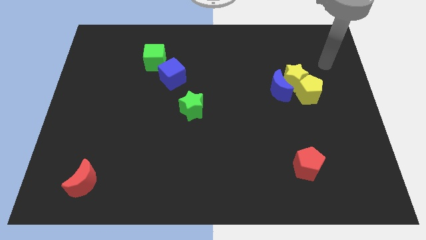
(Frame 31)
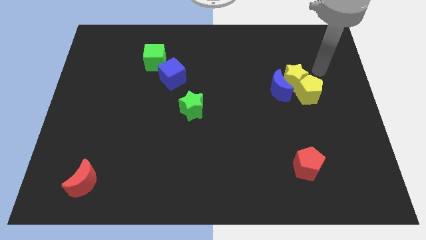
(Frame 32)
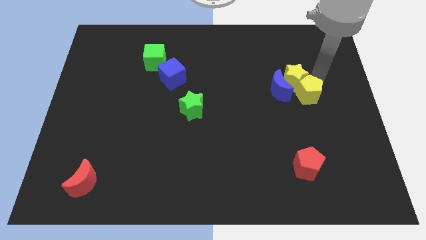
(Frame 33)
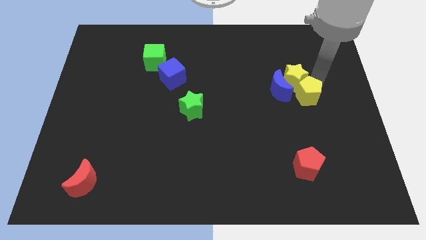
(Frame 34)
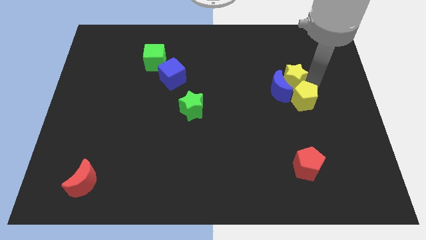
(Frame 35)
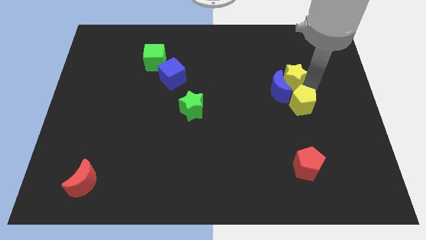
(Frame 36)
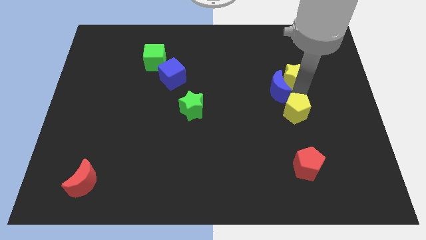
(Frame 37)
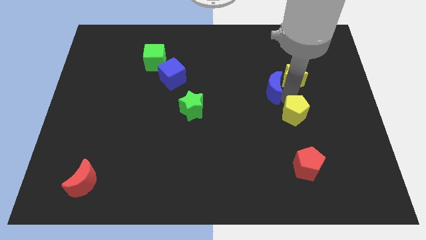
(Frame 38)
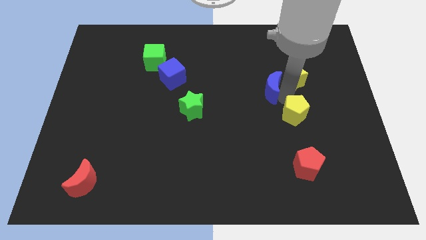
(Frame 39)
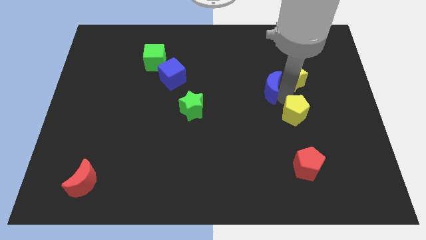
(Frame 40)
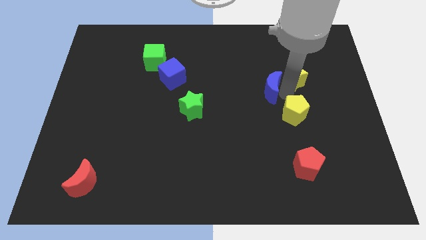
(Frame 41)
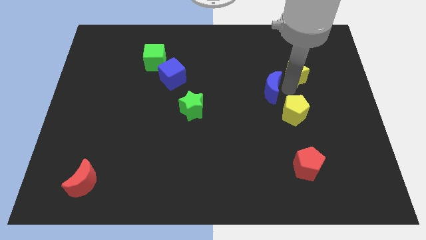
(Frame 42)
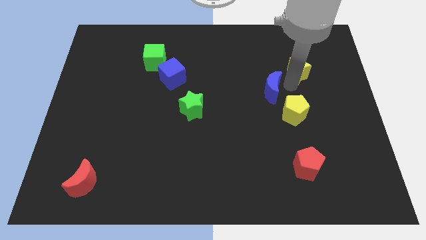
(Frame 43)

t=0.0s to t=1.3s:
move the yellow star away from the blue moon and yellow pentagon

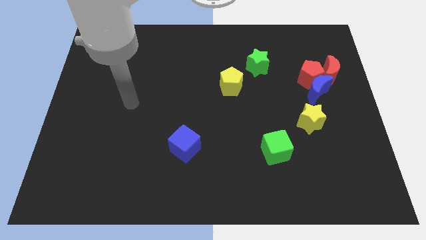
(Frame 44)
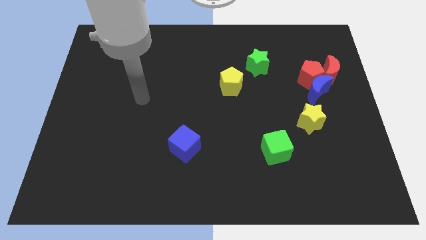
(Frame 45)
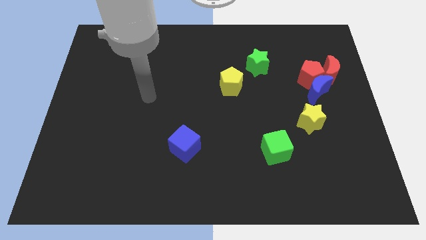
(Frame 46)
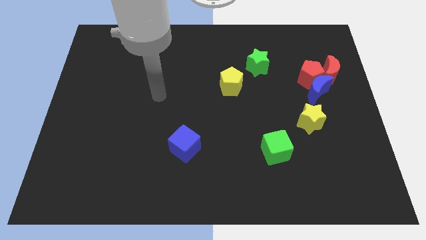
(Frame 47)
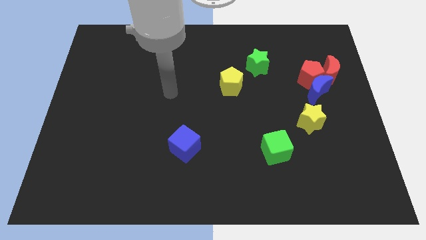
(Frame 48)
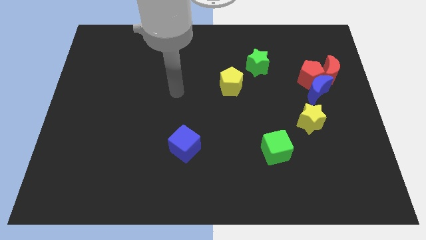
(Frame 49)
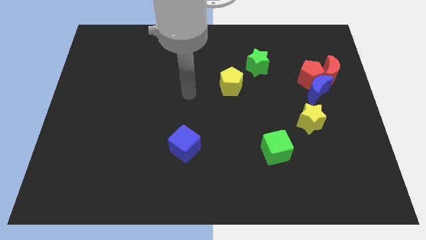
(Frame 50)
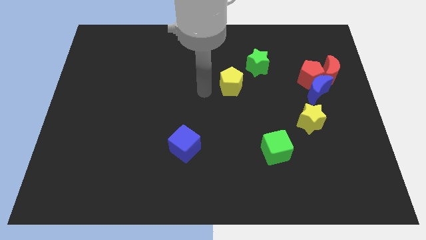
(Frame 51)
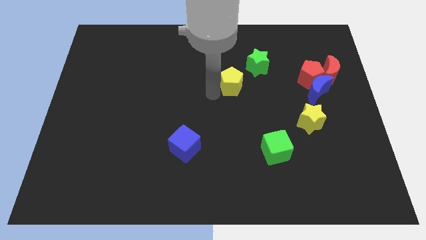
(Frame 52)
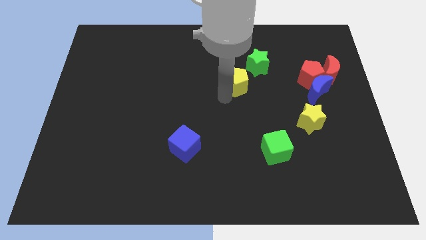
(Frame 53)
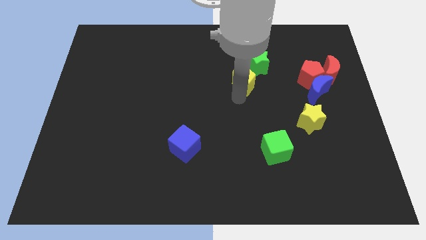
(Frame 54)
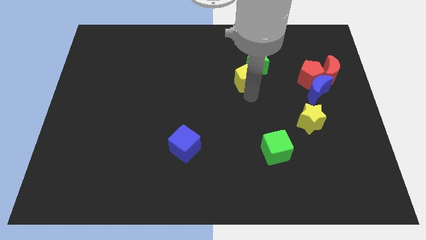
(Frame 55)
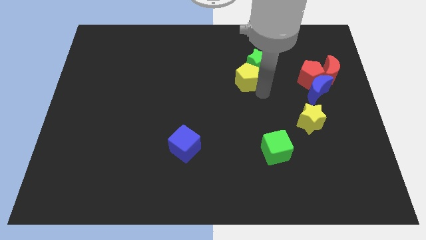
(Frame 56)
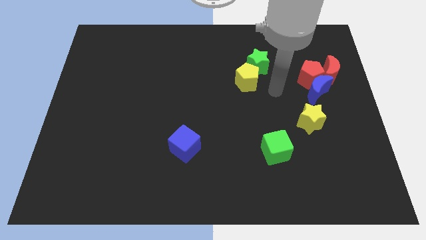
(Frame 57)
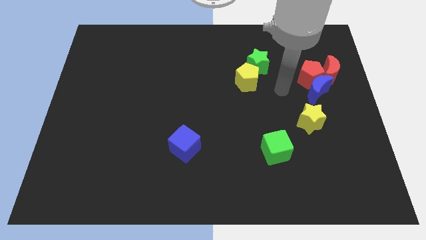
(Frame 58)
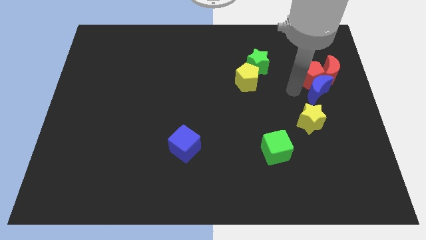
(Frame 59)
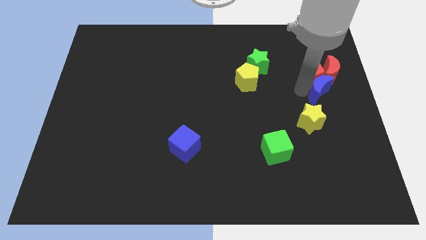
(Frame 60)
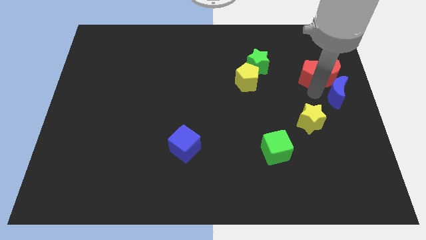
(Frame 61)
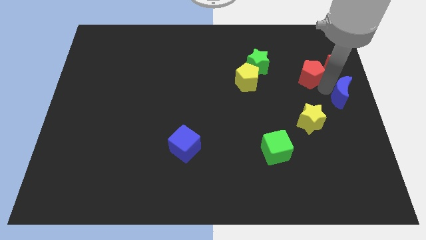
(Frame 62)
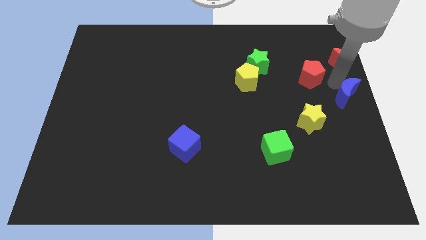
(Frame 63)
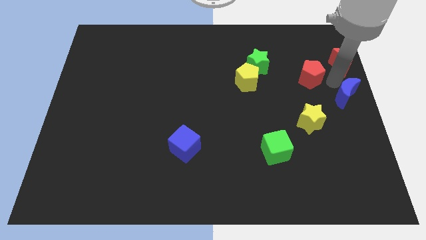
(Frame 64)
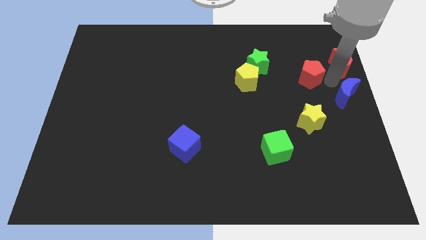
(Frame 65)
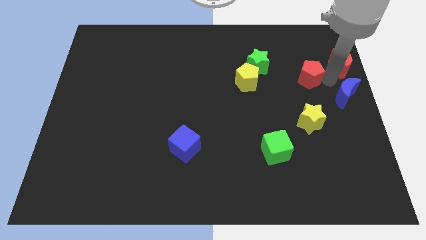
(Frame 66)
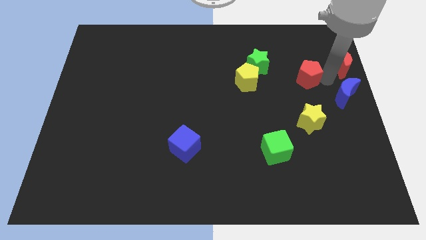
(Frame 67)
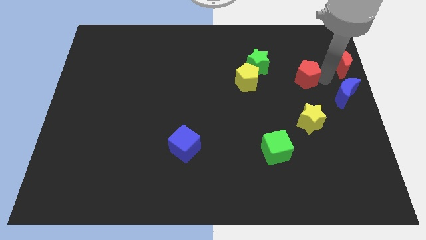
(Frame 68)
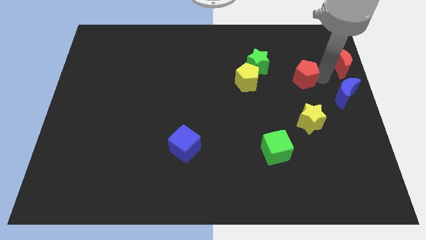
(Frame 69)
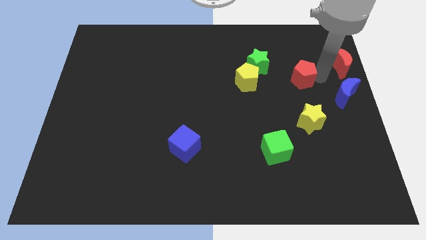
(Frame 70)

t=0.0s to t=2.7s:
separate the red pentagon from the blue moon and red moon

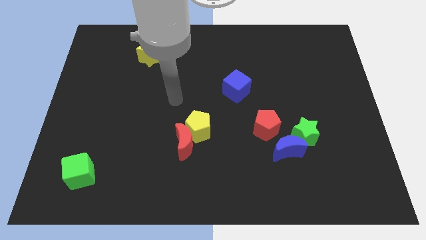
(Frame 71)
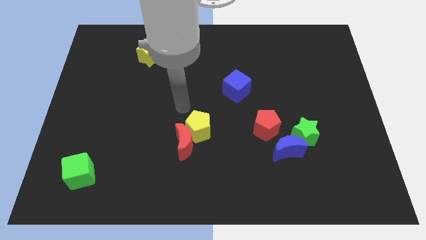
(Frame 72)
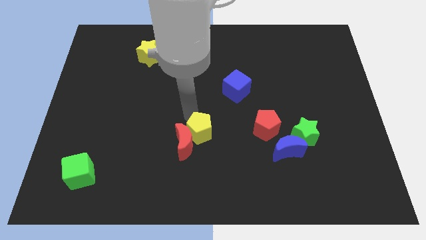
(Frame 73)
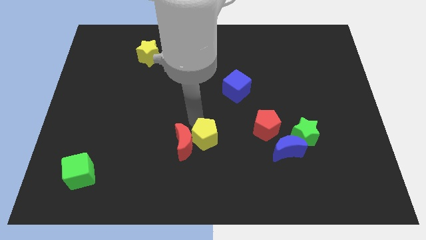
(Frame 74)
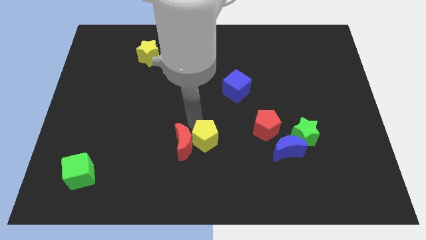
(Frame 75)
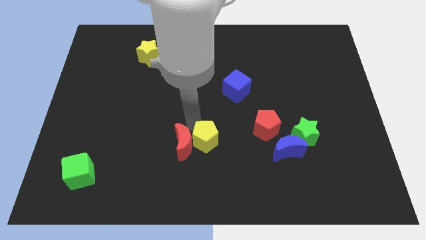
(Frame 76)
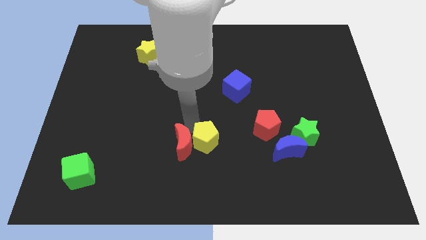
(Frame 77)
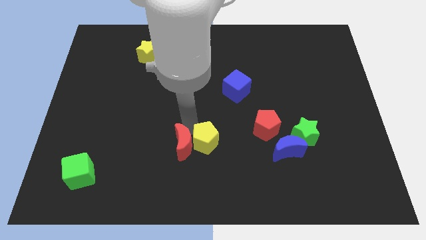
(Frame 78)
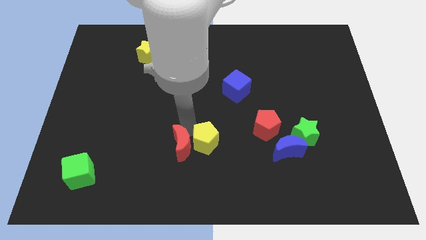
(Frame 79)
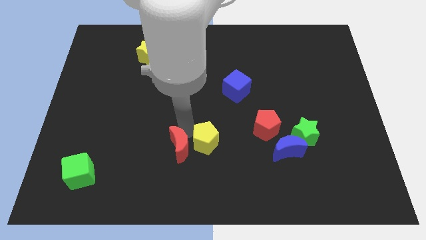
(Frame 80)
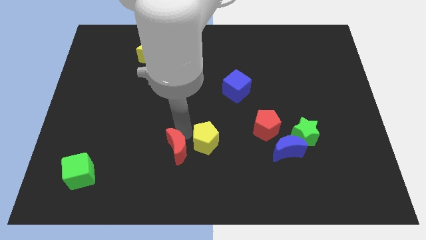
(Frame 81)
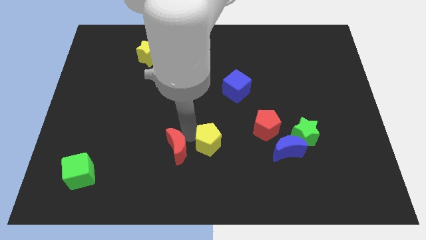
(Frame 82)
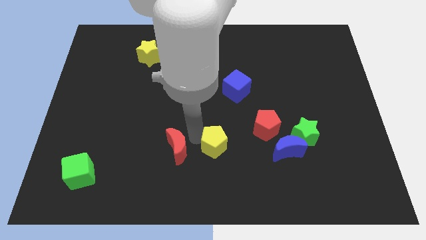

→ What you have to do: Write the entries out in full and exactly, omitting every picture.

→ Written response:
(Frame 31)
(Frame 32)
(Frame 33)
(Frame 34)
(Frame 35)
(Frame 36)
(Frame 37)
(Frame 38)
(Frame 39)
(Frame 40)
(Frame 41)
(Frame 42)
(Frame 43)

t=0.0s to t=1.3s:
move the yellow star away from the blue moon and yellow pentagon

(Frame 44)
(Frame 45)
(Frame 46)
(Frame 47)
(Frame 48)
(Frame 49)
(Frame 50)
(Frame 51)
(Frame 52)
(Frame 53)
(Frame 54)
(Frame 55)
(Frame 56)
(Frame 57)
(Frame 58)
(Frame 59)
(Frame 60)
(Frame 61)
(Frame 62)
(Frame 63)
(Frame 64)
(Frame 65)
(Frame 66)
(Frame 67)
(Frame 68)
(Frame 69)
(Frame 70)

t=0.0s to t=2.7s:
separate the red pentagon from the blue moon and red moon

(Frame 71)
(Frame 72)
(Frame 73)
(Frame 74)
(Frame 75)
(Frame 76)
(Frame 77)
(Frame 78)
(Frame 79)
(Frame 80)
(Frame 81)
(Frame 82)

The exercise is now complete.